» Directions
Your reply should be the entries, output word for word, with each picture omitted.

= = = =

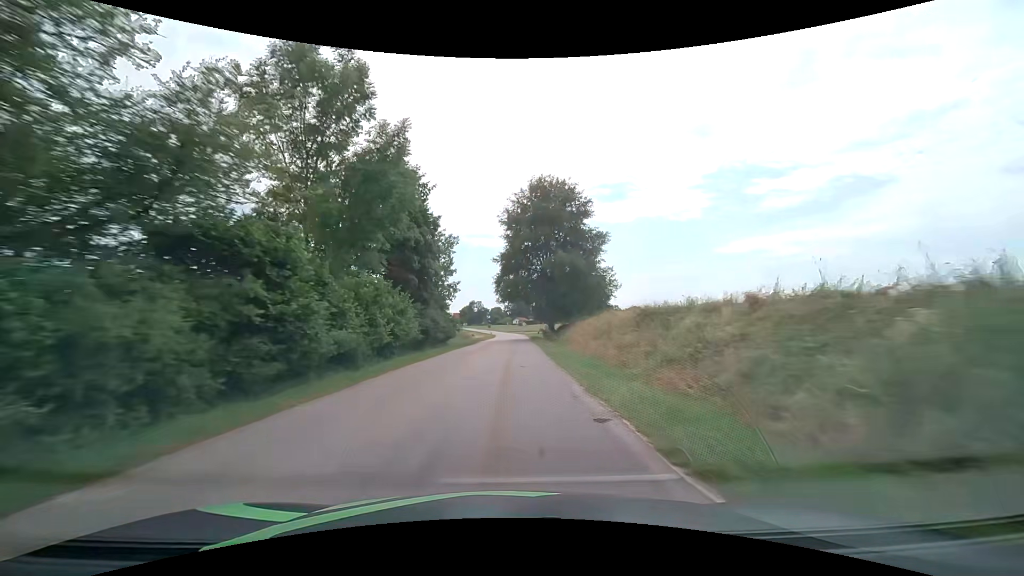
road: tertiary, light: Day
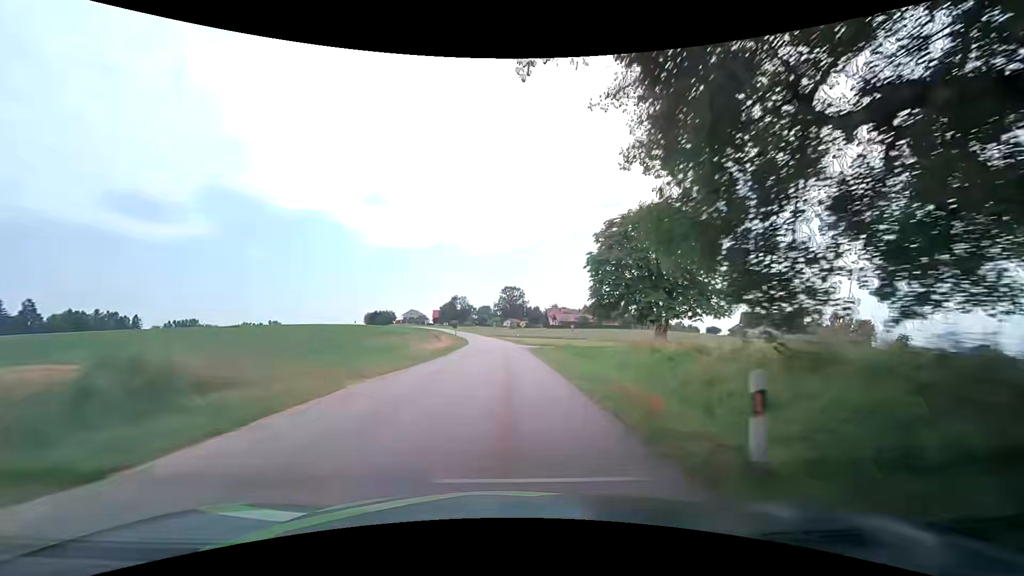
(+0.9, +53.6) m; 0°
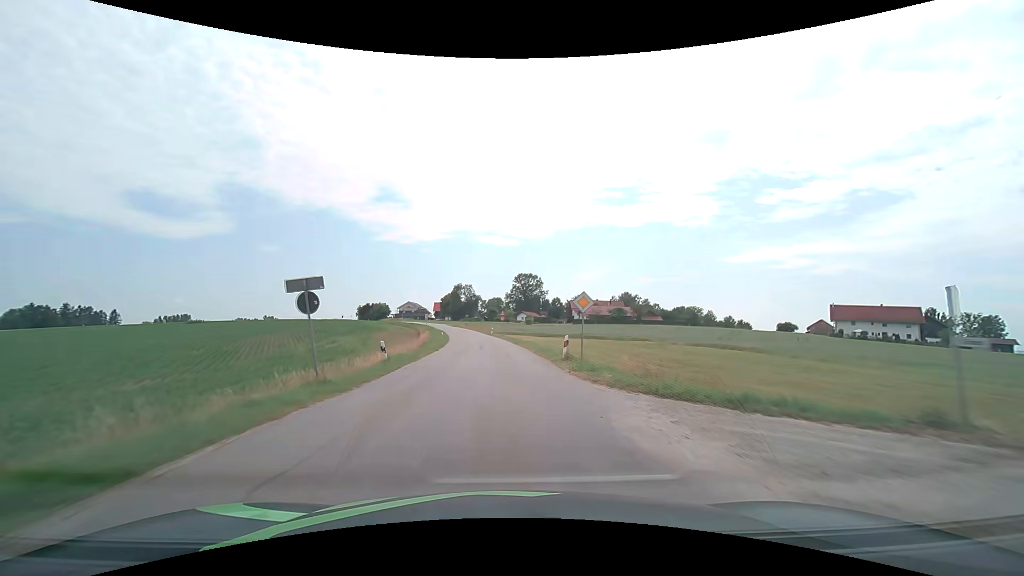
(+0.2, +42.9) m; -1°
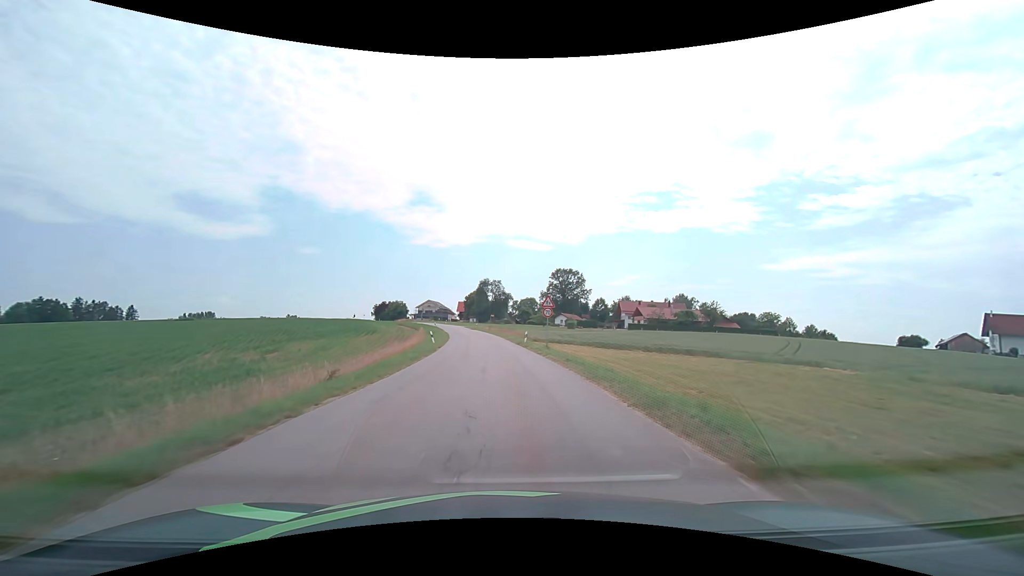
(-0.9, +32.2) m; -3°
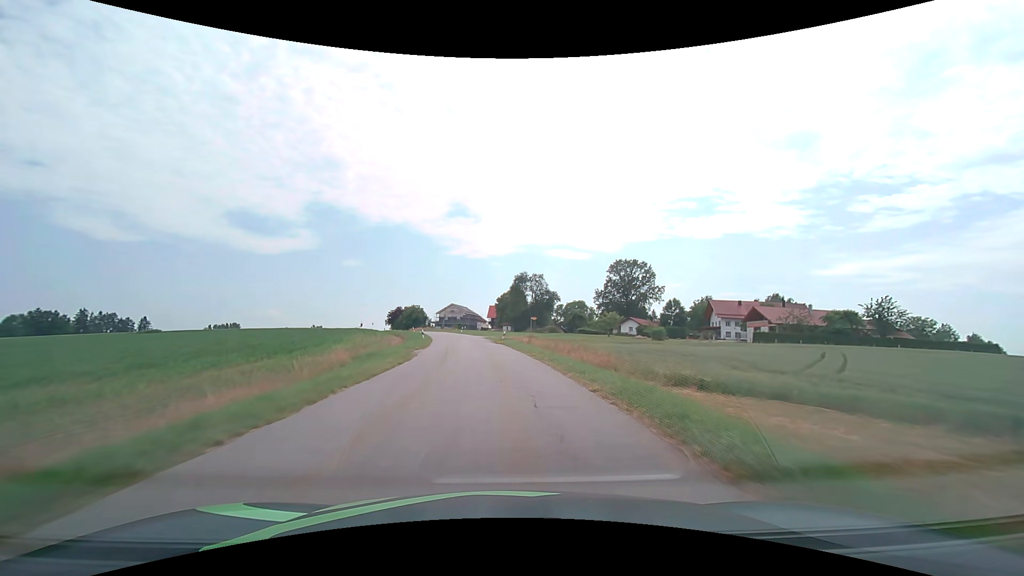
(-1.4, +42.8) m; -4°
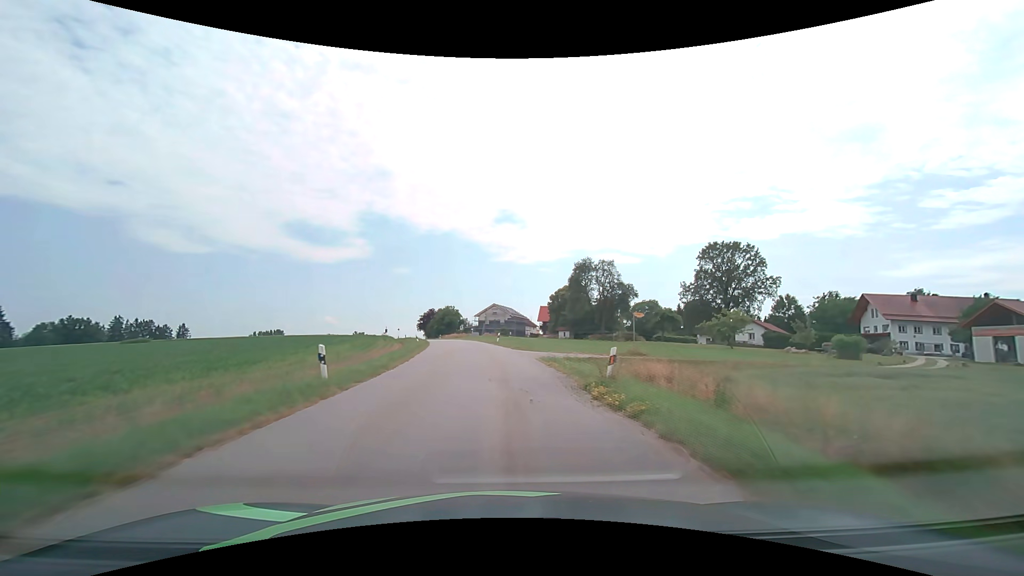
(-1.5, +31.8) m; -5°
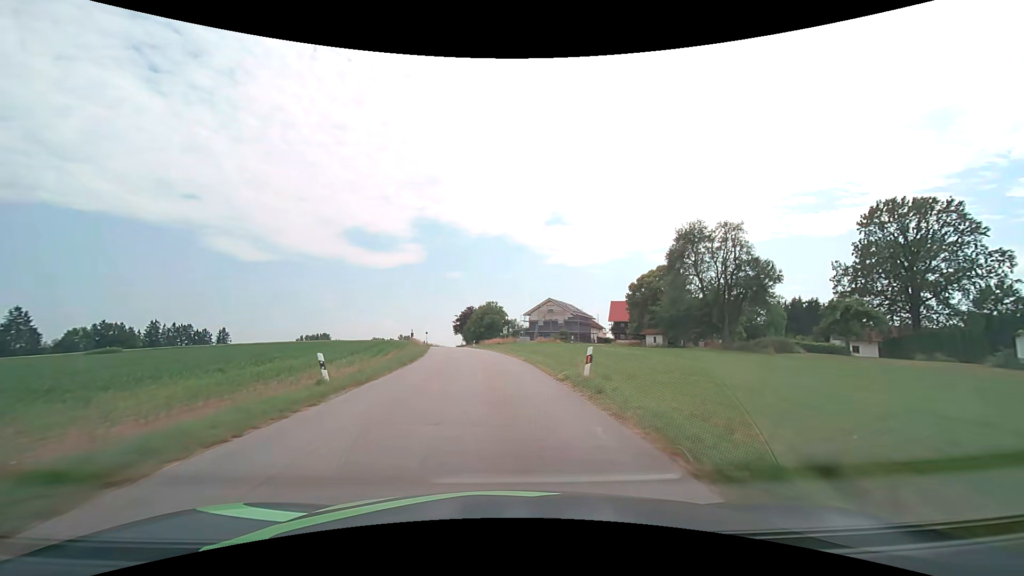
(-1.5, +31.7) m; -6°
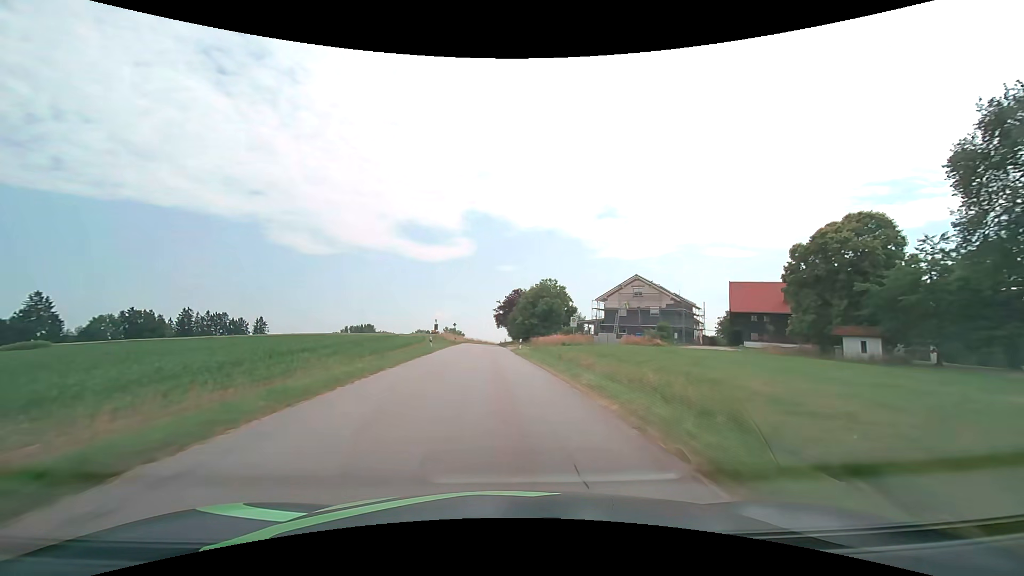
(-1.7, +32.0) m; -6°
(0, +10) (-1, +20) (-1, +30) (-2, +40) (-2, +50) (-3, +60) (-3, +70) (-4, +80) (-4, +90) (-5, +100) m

= = = =

» Output for this exercise
road: tertiary, light: Day
(+0.9, +53.6) m; 0°
(+0.2, +42.9) m; -1°
(-0.9, +32.2) m; -3°
(-1.4, +42.8) m; -4°
(-1.5, +31.8) m; -5°
(-1.5, +31.7) m; -6°
(-1.7, +32.0) m; -6°
(0, +10) (-1, +20) (-1, +30) (-2, +40) (-2, +50) (-3, +60) (-3, +70) (-4, +80) (-4, +90) (-5, +100) m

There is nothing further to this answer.